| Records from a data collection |
----------
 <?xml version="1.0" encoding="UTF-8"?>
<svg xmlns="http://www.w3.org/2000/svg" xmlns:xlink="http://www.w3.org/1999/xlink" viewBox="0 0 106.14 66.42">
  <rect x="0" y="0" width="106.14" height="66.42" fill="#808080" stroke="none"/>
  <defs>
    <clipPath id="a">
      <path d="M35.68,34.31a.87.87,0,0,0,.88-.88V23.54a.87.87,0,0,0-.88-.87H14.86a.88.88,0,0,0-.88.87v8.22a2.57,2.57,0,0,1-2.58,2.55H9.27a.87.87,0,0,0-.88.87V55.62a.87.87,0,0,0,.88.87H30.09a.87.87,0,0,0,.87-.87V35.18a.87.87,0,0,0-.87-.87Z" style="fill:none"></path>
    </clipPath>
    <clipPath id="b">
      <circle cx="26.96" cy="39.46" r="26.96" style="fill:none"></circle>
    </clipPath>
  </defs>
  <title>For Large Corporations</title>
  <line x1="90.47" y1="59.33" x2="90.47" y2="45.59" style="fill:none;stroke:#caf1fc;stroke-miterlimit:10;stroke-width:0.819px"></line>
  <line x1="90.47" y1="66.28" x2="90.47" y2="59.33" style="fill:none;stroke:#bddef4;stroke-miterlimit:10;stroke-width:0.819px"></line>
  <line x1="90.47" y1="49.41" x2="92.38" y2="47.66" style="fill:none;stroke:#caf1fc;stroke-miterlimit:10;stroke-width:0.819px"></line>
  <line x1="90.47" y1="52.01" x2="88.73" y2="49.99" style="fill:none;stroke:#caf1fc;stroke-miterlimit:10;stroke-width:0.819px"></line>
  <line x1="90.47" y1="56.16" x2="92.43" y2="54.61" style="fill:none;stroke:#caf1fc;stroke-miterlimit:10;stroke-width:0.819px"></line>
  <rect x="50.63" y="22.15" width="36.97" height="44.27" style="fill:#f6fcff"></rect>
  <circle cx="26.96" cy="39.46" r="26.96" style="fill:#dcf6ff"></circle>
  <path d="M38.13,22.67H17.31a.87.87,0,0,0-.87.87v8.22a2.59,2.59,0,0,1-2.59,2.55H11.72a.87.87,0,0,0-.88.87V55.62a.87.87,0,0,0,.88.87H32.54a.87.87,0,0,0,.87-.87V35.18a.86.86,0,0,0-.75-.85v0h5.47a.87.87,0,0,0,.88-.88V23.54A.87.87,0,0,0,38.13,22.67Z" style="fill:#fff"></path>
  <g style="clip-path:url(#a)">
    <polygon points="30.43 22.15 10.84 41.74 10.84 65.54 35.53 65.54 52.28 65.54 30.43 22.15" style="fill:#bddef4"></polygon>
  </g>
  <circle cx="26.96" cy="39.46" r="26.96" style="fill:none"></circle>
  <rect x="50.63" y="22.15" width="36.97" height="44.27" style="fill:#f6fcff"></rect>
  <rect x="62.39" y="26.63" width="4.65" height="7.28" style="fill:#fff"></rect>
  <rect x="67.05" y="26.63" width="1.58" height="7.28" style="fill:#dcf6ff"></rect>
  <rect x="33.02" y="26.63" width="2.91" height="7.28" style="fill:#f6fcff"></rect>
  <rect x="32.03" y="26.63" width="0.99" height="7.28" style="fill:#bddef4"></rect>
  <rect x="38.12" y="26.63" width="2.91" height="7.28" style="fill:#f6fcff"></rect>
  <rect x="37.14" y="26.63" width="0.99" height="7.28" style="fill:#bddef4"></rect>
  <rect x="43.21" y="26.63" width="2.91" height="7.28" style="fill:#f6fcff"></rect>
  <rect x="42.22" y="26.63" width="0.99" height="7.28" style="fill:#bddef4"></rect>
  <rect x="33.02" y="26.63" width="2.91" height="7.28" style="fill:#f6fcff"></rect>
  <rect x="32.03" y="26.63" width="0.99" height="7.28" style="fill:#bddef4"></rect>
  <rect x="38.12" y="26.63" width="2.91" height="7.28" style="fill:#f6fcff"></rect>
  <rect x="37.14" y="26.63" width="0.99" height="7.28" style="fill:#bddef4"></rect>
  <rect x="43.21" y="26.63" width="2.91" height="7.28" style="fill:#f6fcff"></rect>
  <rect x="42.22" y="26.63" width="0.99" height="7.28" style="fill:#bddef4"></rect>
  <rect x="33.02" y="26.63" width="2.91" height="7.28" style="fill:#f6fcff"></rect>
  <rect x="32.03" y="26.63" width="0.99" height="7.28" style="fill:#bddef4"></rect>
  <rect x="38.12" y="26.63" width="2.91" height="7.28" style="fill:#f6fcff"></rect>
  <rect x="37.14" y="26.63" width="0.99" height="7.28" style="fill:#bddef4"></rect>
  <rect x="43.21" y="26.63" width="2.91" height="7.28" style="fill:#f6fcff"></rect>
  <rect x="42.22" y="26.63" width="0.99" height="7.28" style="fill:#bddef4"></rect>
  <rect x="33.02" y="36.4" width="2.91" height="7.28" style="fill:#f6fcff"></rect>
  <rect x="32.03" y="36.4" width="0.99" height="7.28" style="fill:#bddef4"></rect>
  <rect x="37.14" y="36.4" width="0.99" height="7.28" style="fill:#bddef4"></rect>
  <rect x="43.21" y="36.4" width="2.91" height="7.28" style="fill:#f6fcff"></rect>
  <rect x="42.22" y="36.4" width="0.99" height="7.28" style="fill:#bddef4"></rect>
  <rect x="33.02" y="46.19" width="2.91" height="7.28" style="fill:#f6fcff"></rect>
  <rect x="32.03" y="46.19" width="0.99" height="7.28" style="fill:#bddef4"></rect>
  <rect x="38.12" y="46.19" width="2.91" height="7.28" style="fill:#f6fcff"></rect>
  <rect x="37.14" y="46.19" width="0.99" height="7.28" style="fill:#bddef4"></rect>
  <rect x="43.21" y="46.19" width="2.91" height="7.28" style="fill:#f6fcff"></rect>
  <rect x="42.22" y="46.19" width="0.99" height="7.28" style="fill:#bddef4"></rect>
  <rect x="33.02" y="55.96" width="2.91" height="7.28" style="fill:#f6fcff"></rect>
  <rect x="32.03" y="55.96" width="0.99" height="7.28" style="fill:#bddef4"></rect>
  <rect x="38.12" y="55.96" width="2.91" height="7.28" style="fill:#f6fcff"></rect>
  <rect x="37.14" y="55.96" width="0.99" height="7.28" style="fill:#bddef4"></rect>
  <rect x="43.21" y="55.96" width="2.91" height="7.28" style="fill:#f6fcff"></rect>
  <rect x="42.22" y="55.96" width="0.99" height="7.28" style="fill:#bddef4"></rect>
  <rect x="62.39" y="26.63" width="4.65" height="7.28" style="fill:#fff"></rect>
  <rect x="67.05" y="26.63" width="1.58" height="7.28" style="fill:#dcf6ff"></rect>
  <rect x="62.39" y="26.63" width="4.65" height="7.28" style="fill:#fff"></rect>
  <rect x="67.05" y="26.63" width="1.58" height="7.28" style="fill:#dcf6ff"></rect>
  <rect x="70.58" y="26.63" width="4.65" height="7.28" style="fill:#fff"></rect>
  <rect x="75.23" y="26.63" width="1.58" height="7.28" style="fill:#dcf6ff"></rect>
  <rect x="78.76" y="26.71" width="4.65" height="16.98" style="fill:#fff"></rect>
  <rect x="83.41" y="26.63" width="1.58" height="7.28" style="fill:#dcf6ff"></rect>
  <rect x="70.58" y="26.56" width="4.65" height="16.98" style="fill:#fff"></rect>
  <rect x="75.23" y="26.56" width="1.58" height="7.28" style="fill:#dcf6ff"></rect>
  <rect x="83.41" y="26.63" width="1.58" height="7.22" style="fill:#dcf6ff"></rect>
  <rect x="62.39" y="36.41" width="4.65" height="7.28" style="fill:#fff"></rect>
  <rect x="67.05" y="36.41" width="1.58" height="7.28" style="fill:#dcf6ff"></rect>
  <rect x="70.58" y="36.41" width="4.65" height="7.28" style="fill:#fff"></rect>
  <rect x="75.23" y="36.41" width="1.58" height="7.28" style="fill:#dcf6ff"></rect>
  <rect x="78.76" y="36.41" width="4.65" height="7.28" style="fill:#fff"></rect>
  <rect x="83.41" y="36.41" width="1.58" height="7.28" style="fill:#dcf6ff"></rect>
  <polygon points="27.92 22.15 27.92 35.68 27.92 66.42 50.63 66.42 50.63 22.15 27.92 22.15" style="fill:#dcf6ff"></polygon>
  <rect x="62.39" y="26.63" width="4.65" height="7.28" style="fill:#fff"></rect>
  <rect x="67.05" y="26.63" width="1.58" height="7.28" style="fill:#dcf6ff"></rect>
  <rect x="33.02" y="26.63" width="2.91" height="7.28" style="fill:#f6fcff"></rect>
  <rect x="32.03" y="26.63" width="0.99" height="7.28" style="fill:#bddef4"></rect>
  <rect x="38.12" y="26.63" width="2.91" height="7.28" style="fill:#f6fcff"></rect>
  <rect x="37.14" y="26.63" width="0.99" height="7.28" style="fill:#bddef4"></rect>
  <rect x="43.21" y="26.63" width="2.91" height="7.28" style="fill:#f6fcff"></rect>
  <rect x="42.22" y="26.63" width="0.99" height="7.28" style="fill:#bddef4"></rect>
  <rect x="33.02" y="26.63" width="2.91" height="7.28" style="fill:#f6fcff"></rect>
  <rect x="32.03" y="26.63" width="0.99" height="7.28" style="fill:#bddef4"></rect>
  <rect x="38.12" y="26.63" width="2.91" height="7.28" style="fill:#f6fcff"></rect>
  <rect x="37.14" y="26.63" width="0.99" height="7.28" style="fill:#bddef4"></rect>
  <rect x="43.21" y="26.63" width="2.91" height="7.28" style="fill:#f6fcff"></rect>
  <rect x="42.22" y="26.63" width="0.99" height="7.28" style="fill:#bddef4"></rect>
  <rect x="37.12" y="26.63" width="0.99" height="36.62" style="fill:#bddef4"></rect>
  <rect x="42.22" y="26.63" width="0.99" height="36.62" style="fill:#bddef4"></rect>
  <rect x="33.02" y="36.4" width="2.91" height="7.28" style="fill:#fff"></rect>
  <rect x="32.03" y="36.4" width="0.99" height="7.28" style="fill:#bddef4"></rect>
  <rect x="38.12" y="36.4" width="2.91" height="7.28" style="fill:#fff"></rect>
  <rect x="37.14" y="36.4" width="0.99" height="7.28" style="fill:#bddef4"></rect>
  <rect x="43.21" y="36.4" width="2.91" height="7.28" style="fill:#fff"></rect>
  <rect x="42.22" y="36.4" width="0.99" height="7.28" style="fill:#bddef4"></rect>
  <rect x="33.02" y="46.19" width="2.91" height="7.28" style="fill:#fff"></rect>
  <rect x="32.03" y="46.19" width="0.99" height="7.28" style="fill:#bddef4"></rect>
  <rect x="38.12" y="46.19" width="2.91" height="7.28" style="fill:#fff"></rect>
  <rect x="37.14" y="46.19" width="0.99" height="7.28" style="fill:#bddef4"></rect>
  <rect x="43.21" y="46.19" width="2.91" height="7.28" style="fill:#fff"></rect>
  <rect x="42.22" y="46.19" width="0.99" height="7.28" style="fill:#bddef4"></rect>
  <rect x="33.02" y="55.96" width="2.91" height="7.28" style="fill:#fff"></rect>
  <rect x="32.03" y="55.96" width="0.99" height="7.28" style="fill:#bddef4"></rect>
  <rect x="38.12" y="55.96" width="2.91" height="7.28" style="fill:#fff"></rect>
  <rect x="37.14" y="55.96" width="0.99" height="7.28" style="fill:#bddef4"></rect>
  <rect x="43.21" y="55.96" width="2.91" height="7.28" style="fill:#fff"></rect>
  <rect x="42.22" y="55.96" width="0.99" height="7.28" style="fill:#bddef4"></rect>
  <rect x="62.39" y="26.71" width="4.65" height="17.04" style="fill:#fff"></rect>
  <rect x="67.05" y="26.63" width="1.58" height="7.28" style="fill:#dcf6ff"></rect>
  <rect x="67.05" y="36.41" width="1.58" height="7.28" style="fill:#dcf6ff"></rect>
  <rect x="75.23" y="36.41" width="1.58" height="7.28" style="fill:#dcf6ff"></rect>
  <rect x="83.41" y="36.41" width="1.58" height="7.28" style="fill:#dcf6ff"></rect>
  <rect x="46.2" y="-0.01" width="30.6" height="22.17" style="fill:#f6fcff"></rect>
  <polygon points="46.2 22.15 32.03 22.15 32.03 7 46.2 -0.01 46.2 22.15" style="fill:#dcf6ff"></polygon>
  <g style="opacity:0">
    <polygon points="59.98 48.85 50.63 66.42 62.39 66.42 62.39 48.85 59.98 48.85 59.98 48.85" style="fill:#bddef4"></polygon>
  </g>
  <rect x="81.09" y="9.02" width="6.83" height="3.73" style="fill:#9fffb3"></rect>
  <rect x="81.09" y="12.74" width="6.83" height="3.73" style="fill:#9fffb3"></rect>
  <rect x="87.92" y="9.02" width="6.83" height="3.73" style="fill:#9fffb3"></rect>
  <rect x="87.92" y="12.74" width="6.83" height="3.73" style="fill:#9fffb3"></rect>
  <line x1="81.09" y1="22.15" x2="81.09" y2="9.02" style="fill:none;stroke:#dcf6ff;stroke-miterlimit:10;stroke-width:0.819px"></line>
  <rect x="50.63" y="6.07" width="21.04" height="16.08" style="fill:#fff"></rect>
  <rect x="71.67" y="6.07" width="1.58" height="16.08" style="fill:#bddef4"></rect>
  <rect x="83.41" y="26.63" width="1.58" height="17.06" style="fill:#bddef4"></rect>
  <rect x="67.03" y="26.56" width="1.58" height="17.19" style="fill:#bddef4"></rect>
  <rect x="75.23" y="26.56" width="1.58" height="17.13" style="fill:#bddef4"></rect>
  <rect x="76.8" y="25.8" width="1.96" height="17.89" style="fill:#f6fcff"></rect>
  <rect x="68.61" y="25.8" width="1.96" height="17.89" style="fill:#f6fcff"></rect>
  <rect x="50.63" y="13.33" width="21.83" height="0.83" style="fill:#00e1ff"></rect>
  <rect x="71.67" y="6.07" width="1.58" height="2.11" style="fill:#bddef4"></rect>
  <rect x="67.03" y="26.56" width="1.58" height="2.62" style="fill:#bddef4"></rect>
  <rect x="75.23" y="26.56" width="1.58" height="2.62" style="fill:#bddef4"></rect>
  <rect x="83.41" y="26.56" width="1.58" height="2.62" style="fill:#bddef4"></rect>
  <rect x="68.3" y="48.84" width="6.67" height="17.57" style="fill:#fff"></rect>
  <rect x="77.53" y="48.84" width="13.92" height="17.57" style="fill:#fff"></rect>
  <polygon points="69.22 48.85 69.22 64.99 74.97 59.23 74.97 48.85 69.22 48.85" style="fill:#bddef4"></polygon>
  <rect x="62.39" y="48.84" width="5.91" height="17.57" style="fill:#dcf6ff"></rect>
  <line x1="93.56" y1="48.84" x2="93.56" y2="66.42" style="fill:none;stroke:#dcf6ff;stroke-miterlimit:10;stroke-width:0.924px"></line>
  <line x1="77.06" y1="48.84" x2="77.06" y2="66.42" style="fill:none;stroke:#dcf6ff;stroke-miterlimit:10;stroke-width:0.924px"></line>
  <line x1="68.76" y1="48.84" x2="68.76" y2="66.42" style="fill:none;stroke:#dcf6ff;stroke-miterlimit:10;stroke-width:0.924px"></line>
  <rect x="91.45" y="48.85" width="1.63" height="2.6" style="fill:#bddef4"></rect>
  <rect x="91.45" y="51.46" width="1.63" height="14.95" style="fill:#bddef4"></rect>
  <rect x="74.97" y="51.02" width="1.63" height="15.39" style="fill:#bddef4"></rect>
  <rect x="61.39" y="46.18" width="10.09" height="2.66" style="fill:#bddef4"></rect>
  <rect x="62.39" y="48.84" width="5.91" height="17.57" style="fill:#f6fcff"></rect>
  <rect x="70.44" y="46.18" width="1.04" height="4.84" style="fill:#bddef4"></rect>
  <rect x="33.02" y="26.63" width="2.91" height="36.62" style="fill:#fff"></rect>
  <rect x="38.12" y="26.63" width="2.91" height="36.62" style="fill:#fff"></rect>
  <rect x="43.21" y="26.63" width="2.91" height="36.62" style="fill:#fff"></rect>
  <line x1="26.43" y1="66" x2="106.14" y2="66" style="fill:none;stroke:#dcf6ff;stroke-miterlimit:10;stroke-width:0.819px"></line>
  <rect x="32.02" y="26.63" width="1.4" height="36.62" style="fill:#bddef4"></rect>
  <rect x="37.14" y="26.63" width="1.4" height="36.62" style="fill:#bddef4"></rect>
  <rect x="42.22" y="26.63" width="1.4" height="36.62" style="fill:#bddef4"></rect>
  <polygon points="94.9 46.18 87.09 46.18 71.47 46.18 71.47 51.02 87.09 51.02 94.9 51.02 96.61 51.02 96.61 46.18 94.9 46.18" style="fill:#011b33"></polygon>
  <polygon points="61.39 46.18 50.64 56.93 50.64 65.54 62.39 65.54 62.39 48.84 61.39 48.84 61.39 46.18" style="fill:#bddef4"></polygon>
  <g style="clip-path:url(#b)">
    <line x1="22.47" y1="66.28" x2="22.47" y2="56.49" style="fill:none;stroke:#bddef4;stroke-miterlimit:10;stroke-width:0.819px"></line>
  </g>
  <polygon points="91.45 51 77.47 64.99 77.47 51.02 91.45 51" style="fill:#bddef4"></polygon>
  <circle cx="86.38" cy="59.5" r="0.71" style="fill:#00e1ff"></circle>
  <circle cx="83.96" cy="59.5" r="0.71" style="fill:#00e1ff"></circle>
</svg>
----------
| EXERCISE OBJECTIVE |
Scan the data for lines containing "clipPath" and copy all of them.

| ANSWER TO THIS TASK |
    <clipPath id="a">
    </clipPath>
    <clipPath id="b">
    </clipPath>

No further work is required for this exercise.